While SUJÁN, through its three sumptuous and award-winning tented camps, lets you soak in the simple luxuries of life that find roots in natural and cultural heritage, its efficacy in contributing to the wildlife conservation, community development, and sustainability knows no bound either. By Sushmita Srivastav
If there’s one takeaway from the pandemic situation that the entire world is looking (and nodding) at right now, it is the fact that adopting sustainable practices is the only way forward. While for many in the tourism industry, sustainability deemed as just another trend until very recently, there are a few for whom it has always been the priority. For instance, SUJÁN, an experiential and responsible boutique hospitality group, had created a conservation model some 20 years ago and has been adhering to sustainable eco-tourism ever since. The legacy of protecting the wildlife through filming, monitoring, researching, and creating awareness has been passed down the generations in the SUJÁN family.
For SUJÁN, conservation comes first—the family’s philanthropic wing, the SNS Foundation, has been working tirelessly to create social impact among rural communities, with an aim of achieving economic self-reliance and co-existing harmoniously with the environment, ever since it was established in 1976.
Founder Jaisal Singh and his wife Anjali have continued the family’s legacy of conservation through the creation of SUJÁN by introducing proven sustainable tourism models by opening ethically sound, authentic experiences in unique areas of pristine wilderness, which benefit local communities as well as play a role in preserving indigenous wildlife and their habitats.
The brand’s Free Primary Healthcare initiative has been providing free-of-cost mobile medical services in five nearby villages to SUJÁN JAWAI for two years now. This includes donating a medical van, fully-equipped, stocked with medicines, and accompanied by a driver, doctor, and nurse who work five days a week.

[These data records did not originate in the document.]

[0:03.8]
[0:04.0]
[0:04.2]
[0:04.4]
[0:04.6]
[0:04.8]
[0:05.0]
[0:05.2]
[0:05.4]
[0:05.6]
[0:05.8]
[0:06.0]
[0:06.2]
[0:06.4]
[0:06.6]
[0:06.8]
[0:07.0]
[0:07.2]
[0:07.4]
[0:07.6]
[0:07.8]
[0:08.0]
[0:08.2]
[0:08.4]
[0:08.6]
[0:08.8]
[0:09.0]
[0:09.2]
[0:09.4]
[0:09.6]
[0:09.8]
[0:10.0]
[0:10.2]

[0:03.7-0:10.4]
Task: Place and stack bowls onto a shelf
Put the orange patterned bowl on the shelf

During this trying time, the mobile medical unit, with the support of the local government health authorities in the Pali district, has been helping in stemming the spread of novel Coronavirus. Hitherto, SUJÁN has donated 30,000 protective masks to the state government and has contributed approximately US $50,000 (INR37,84,000) to the chief minister’s COVID relief fund.

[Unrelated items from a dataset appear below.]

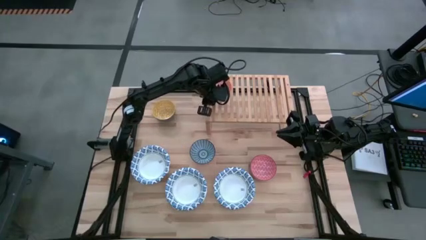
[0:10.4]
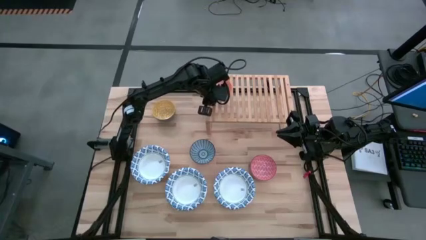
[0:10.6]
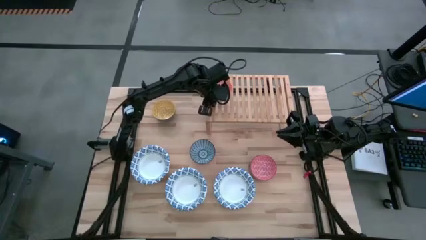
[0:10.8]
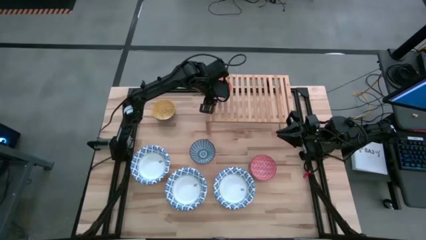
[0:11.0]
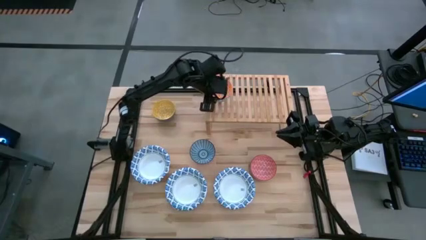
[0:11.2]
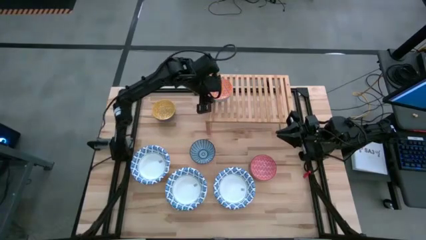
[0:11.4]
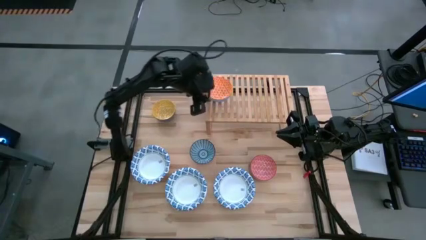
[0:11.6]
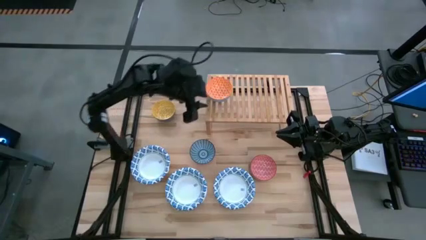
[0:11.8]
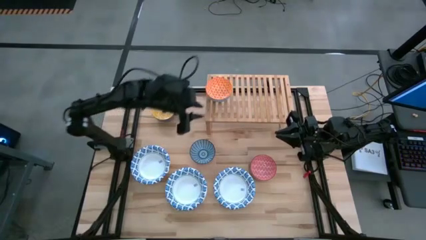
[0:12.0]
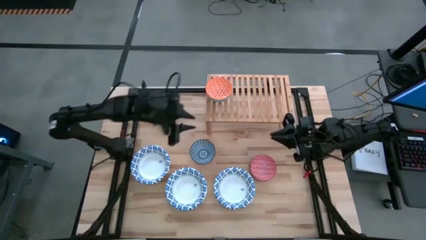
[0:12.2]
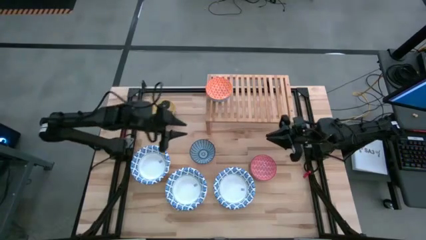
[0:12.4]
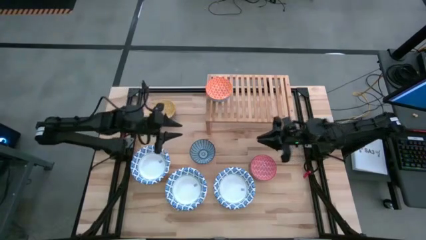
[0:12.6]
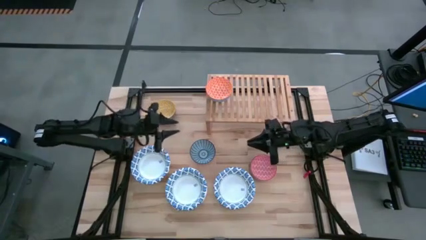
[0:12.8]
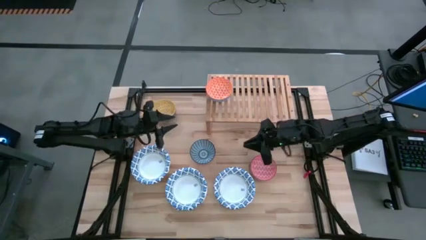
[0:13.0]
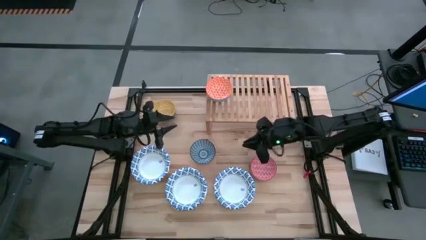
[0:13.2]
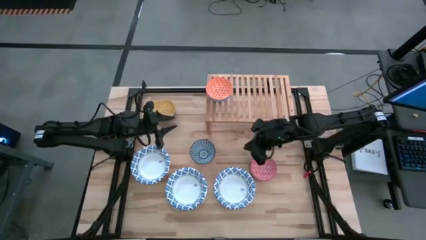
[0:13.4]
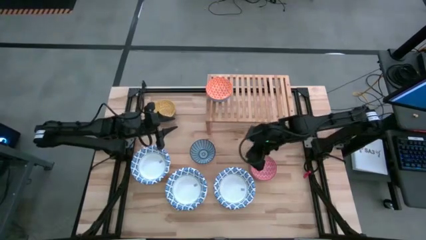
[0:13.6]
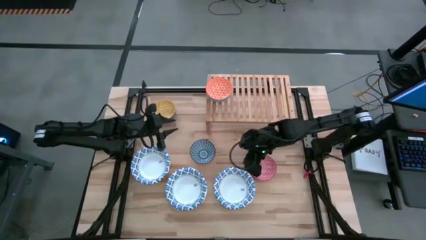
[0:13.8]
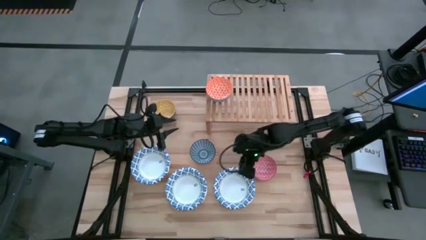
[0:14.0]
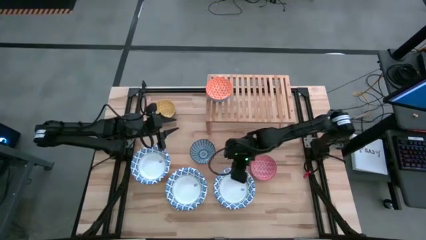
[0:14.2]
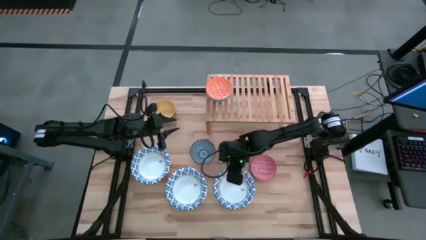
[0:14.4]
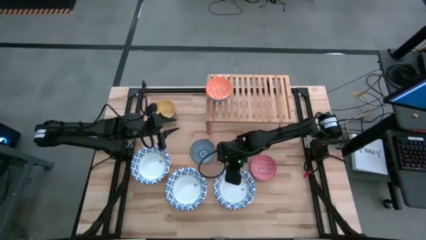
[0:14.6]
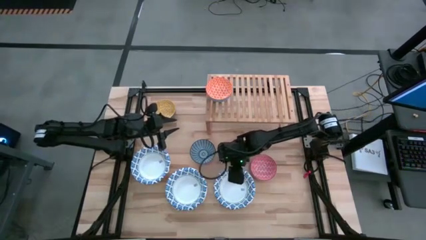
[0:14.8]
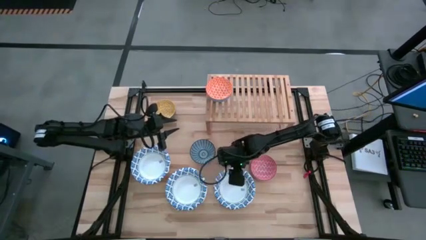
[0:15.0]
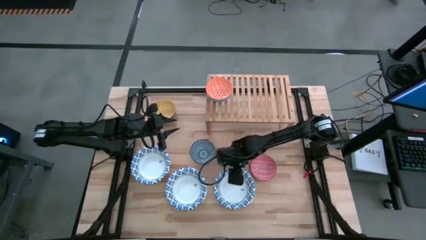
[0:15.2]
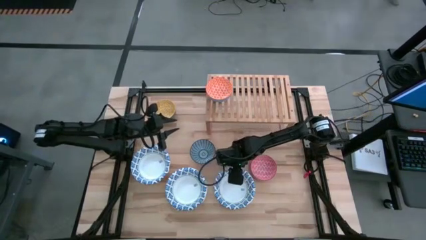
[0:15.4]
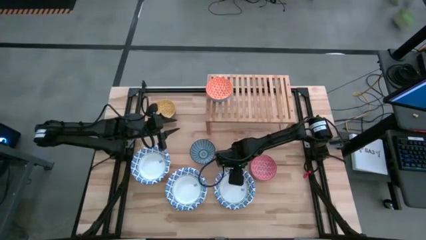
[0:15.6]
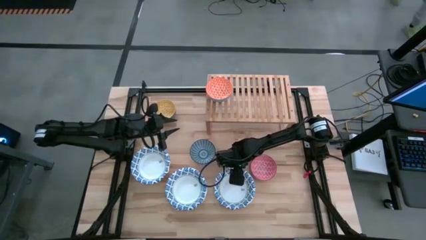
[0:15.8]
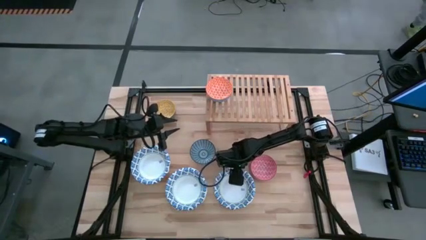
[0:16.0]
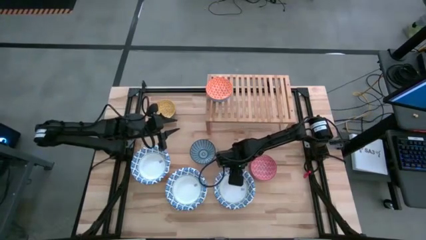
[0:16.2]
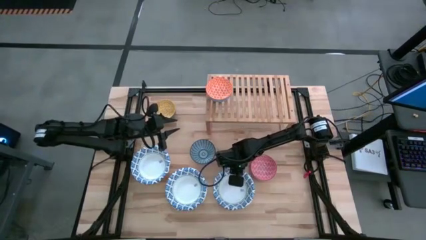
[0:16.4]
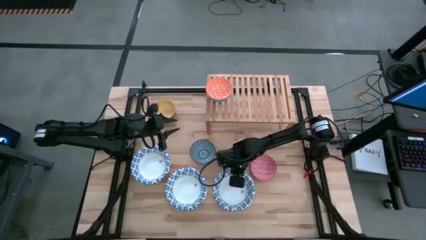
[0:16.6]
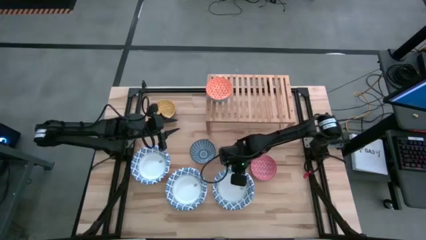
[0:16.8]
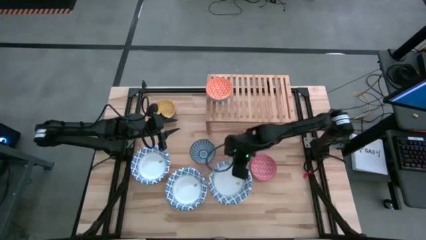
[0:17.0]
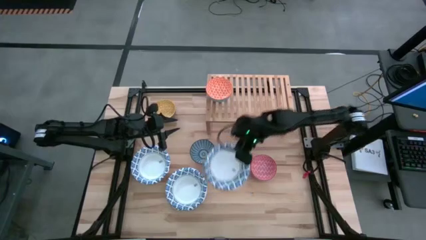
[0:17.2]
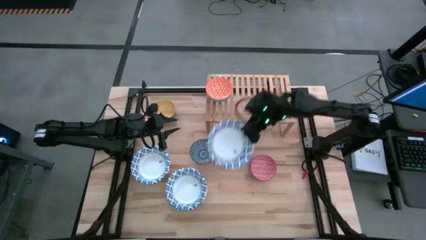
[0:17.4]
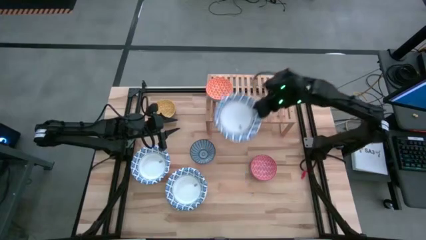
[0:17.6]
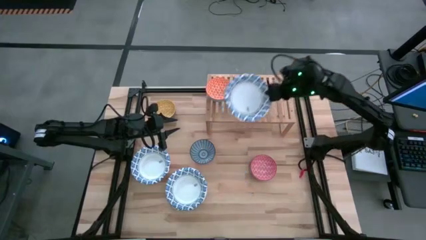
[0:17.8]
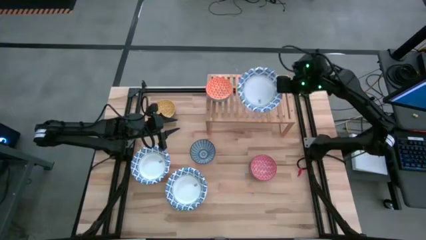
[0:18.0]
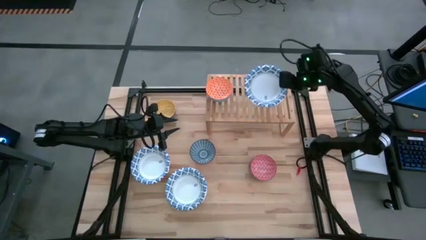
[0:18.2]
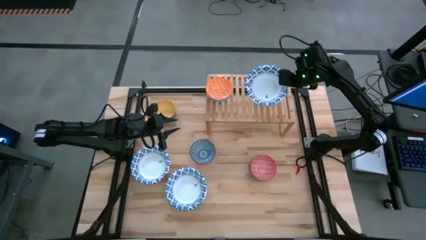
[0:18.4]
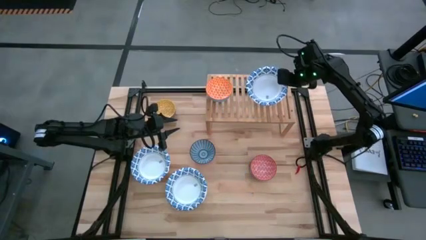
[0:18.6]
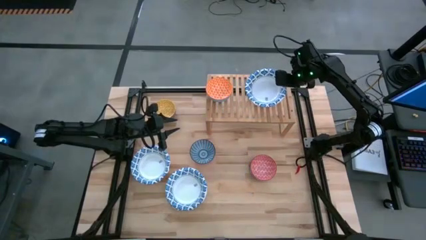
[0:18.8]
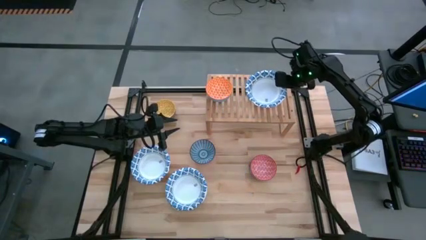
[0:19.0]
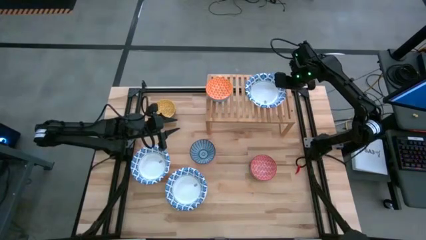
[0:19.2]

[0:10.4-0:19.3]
Put the white patterned bowl on the shelf

SUJÁN has also adopted nine schools in Jawai (plus four more in the state), educating 5,670 students in total. The aim is to make it a total of 10 schools, one for each tent in SUJÁN JAWAI, by the end of the year. Add to this The SUJÁN Adult Literacy Programme that has enrolled 75 women (aged between 17 and 45 years) to make them efficient in reading and writing in its first year of inception. Young, local villagers are also being trained for adapting best of conservation tourism practices, under their Tracker Programme.
The Rewilding Programme at SUJÁN JAWAI focuses on returning farmlands back to the wilderness, and the native farmers are always keen on helping. SUJÁN not only pays fixed monthly rents directly to these small landholders or their families (regardless of change in season or occupancy) when they offer their pieces of land for the rewilding process, but also helps them find alternative lands to continue farming. The guests are also included in this beautiful project as SUJÁN charges each guest with a small conservation contribution fee, which is used to cover expenses related to the Rewilding Programme, like the monthly rents paid to farmers. These ‘connecting’ pieces of land together act as safe wildlife corridors in the region.

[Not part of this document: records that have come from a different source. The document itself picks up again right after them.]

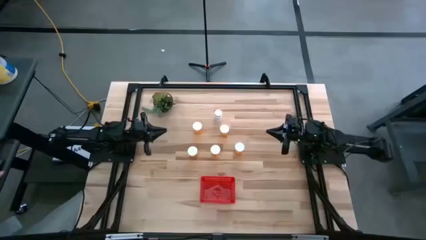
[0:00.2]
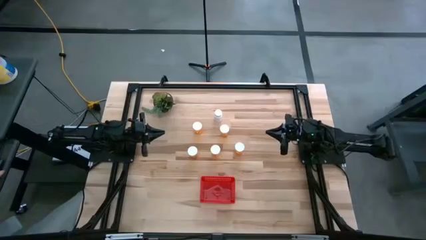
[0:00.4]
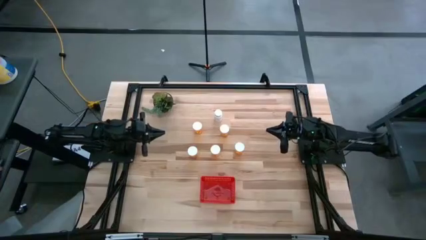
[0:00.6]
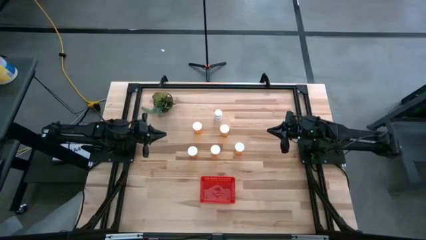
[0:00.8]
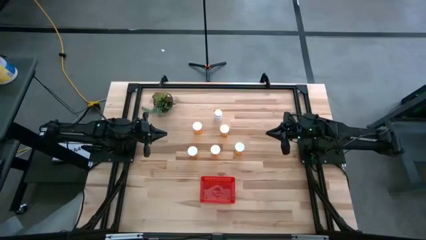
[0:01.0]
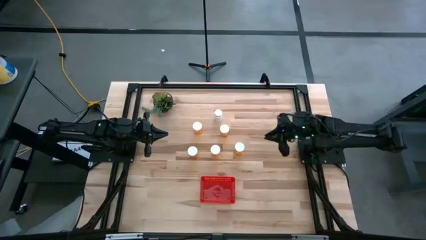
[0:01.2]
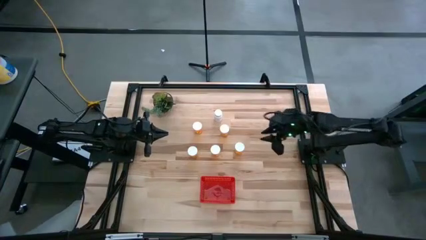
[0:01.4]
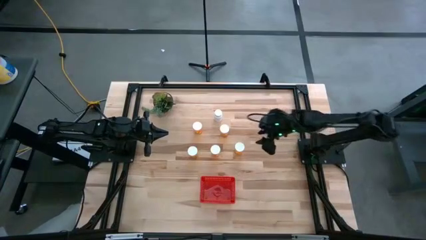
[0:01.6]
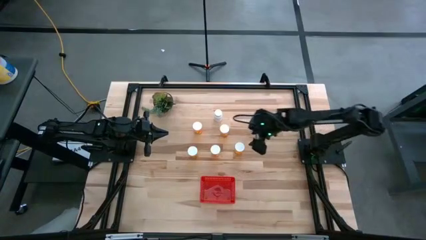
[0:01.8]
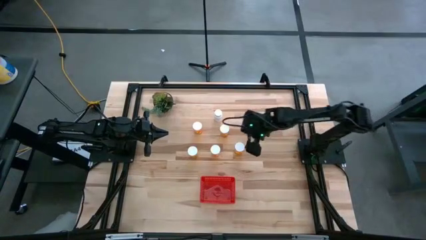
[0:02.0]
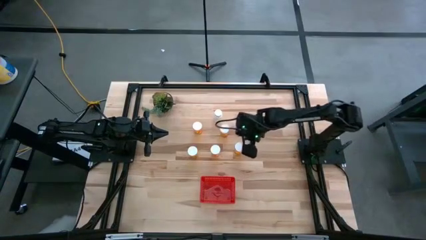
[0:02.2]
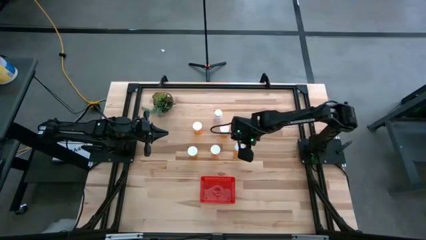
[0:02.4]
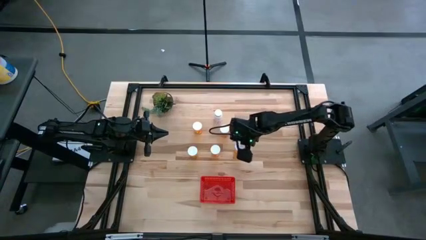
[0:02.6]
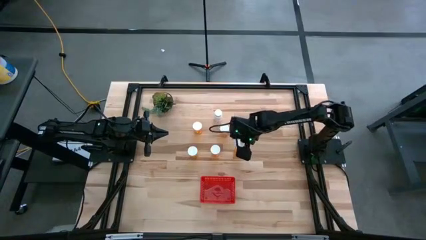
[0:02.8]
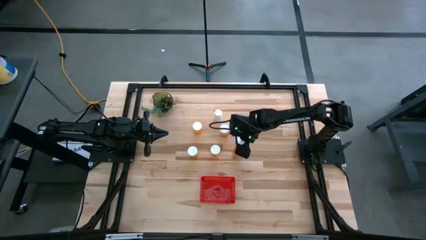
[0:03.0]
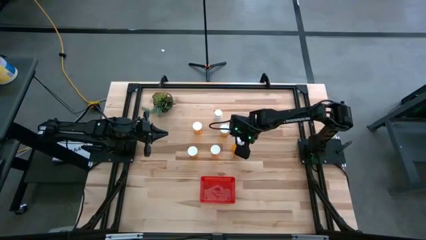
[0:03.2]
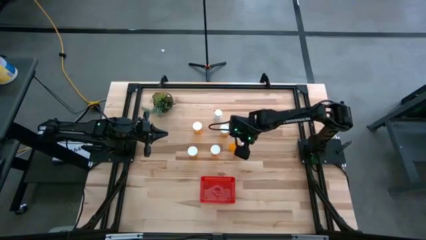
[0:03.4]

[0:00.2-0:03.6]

SUJÁN also employs teams of local trackers from the nearby villages to assist the Field Team at camp with their work. According to their Positive Impact Report of 2019, a total area of 52 square kilometres of wilderness has been protected and approximately 150 acres of farmland has been reforested.
SUJÁN Sher Bagh is a partner and the primary donor, providing financial support and resources to conservation partners such as Tiger Watch, a Non-Governmental Organisation, and their Village Wildlife Volunteers Programme. This is a group of individuals drawn from villages along the periphery of, or in close proximity to, the boundaries of the Ranthambhore Tiger Reserve.
The primary task of the Village Wildlife Volunteers (VWV) is to provide information about the movement of wildlife, particularly endangered species like the tiger, leopard, bear, and more. Additionally, they provide crucial information about poaching and other illegal activities such as mining and logging. They also have an ancillary role in helping with scientic data collection. The volunteers act as representatives and ambassadors for wildlife in their respective villages, and play a critical role in ensuring the cooperation of other villagers. With our conservation partners and government agencies, SUJÁN prides itself as a guardian of Ranthambore, the natural and cultural heritage of Rajasthan.
SUJÁN The Serai, on the other hand, has a successful record of protecting and reviving the culture and folk music of the Manganiyar tribe of musicians in The Great Thar Desert for 10 years now. The family had first recorded the stirring music of the Manganiyars some half a century back, and has been providing them with a ready system of patronage since.